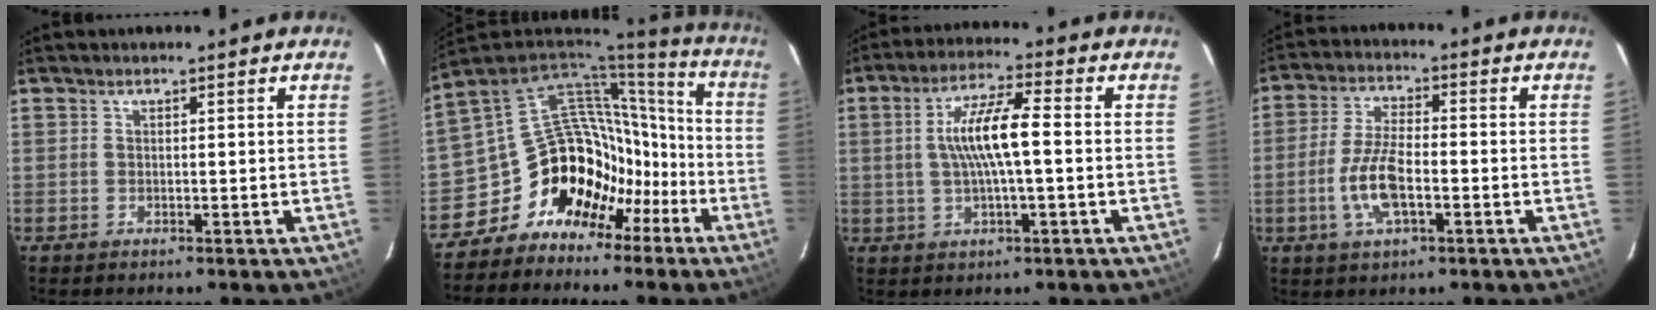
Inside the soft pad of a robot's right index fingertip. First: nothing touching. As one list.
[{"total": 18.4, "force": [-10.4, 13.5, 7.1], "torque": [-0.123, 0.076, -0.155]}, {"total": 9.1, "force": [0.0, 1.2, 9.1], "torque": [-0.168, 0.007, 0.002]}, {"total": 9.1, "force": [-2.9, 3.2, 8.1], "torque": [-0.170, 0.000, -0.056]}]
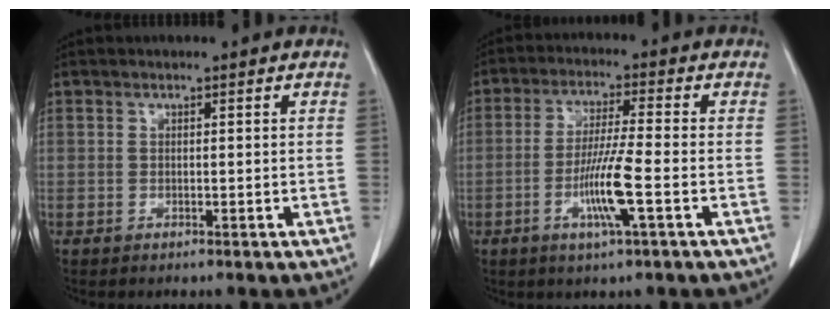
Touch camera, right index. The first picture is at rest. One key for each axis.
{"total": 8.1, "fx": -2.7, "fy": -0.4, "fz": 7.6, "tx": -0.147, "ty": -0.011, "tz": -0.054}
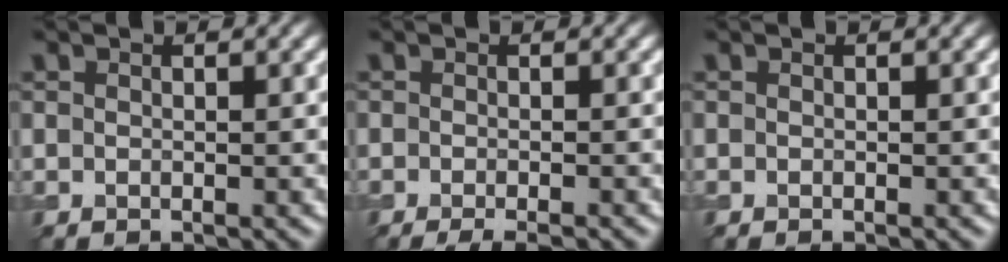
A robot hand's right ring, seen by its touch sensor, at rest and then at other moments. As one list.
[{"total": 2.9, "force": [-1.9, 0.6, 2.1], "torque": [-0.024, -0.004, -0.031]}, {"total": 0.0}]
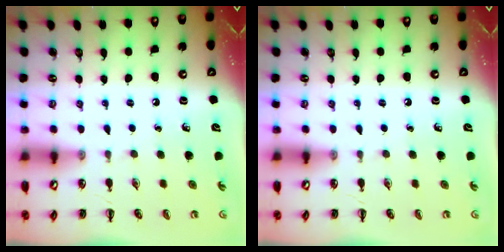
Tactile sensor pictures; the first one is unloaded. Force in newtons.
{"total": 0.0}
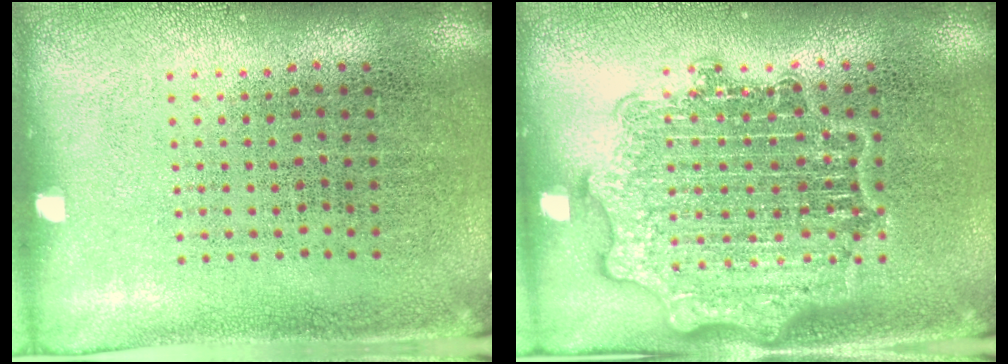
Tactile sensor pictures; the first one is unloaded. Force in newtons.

------------------------

▸ Work to be completed: Leaving the pictures out, set down exactly the lines from the one with "A robot hand's" through the end of the records.

▸ Exercise solution:
A robot hand's right ring, seen by its touch sensor, at rest and then at other moments. As one list.
[{"total": 2.9, "force": [-1.9, 0.6, 2.1], "torque": [-0.024, -0.004, -0.031]}, {"total": 0.0}]
Tactile sensor pictures; the first one is unloaded. Force in newtons.
{"total": 0.0}
Tactile sensor pictures; the first one is unloaded. Force in newtons.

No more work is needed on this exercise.